Construction Law Insights

Krevskop v. Town Council (In re July 17, 2017 Decision of the Bd. of Zoning Appeals), 2020 Va. Cir. LEXIS 101 (Faifax Cnty. Cir. July 24, 2020)

Julia Kreyskop and Brian Joseph Buyniski (“Petitioners”) live at a home in Vienna, Virginia that was located at the corner of Scott Circle Southwest and Cottage Street. Vienna Town Code § 18-33.E requires the following setbacks: (i) 12’ on side yards bordering other buildings or dwellings; (ii) 25’ on side yards bordering a street; (iii) 35’ rear yards; and (iv) 25’ front yards. Petitioner have a rear deck. The left portion of the deck encroaches into the rear yard setback by 7.4 feet, but was permissible because taxes were paid on it in excess of 15 years. The Petitioners requested a variance so they could replace the right-hand portion of the deck with an enclosed 12.3’x14’ screened porch, which would encroach 10.8’ into the rear yard setback. In Petitioners’ application for a variance, they noted that the house was built diagonally on the lot in 1959, the lot is wider than it is deep, the corner of the house closest to the rear property line was 35.7’ away from the property line, and the other sides of the house would either violate the setback requirements or be challenging due to existing gas, cable, power lines, and other easements. On July 17, 2019, a public

hearing was held on Petitioners’ variance application. On July 19, 2019, the Board of Zoning Appeals of the Town of Vienna, Virginia (“BZA”) entered an order denying Petitioners’ request (“First BZA Order”). The Petitioners appealed to circuit court. On January 20, 2020, the Court remanded the matter to the BZA to provide clarification on the basis or bases of its rejection of Petitioners’ variance application. The BZA held a second hearing on February 19, 2020 and issued a Supplemental Order of Clarification (“Supplemental Order”) on March 3, 2020 again denying Petitioners’ variance application. Per the Court’s remand order, Petitioners filed a Memorandum in Response to the BZA’s Supplemental Order on May 26, 2020 and the Town of Vienna filed a Supplemental Response to Petitioners’ Petition for Judicial Review on May 27, 2020. The Court reversed the BZA’s decision pursuant to Virginia Code § 15.2-2314.

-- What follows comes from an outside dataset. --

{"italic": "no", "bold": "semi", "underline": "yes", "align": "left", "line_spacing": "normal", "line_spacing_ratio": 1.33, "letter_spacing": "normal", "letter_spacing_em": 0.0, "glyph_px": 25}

The Court found by a preponderance of evidence that the BZA erred in its decision regarding its first conclusion of law that the enforcement of the rear yard setback would not unreasonably restrict the utilization of the property because a screened in porch was a convenience and mosquitos in Vienna is common, but many homes do not have screened porches. The BZA’s reliance on the fact that the house had been occupied for 60 years without a screened porch was unjustified because there could be any number of reasons for why a prior homeowner did not seek a variance to build a screened porch. Also, the BZA did not address the Petitioner’s compelling evidence that the strict application of the setback requirements would unreasonably restrict the utilization of the property because of the presence of utilities coupled with the configuration of the home. Finally, the presumption that the decision of a board of zoning appeals is correct assumes that the board considers the variance in the context of the particular homeowner and not based on historical use of the dwelling by previous homeowners.

The Court found that the BZA did not err in its decision as to its second conclusion of law that the Petitioners failed to demonstrate that the variance would alleviate a hardship due to a physical condition relating to the property at the time of the effective date of the ordinance.

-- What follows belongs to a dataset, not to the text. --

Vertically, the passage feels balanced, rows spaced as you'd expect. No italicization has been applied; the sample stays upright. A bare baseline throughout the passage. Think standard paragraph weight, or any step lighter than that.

The BZA’s third conclusion of law stated that the condition or situation of the property (i.e. mosquitos prompting a desire for a screened porch) was a general or recurring nature as to make reasonably practicable the formulation of a general regulation to be adopted as an amendment to the ordinance, but the ordinance had not been amended. Virginia Code § 15.2-2309 prescribes five requirements that must be found in addition to the unreasonable restriction or hardship requirements for a variance: (1) the property interest for which the variance is being requested was acquired in good faith and any hardships was not created by the application for the variance; (ii) the granting of the variance will not be of substantial detriment to adjacent property and nearby properties in the proximity of the geographical area; (iii) the condition or situation of the property concerned is not of so general or recurring a nature as to make reasonably practicable the formulation of a general regulation to be adopted as an amendment to the ordinance; (iv) the granting of the variance does not result in a use that is not otherwise permitted on such property or a change in the zoning classification of the property; and (v) the relief or remedy sought by the variance application is not available through a special exception process that is authorized in the ordinance pursuant to subdivision 6 of Virginia Code § 15.2-2309 or the process for modification of a zoning ordinance pursuant to subdivision A of Virginia Code § 15.2-2286 at the time of the filing of the variance application. The BZA did not dispute that Petitioners satisfied (i), (ii), (iv), and (v), but claimed Petitioners had not satisfied (iv). While the need for the variance was based on encroaching into the rear setback, the need had to be understood in the context of (1) a corner lot, (2) the diagonal footprint of the house, (3) on a lot that was wider than deep, (4) where expansion on the left side of the house was impracticable due to utilities, (5) expansion on the right side of the house would be impossible due to the 25’ setback requirement, and (6) the screened porch would replace an existing deck. In this context, the Court found by a preponderance of evidence that the condition or situation of the property concerned was not so general or recurring in nature as to make reasonably practicable the formulation of a general regulation to be adopted as an amendment to the ordinance.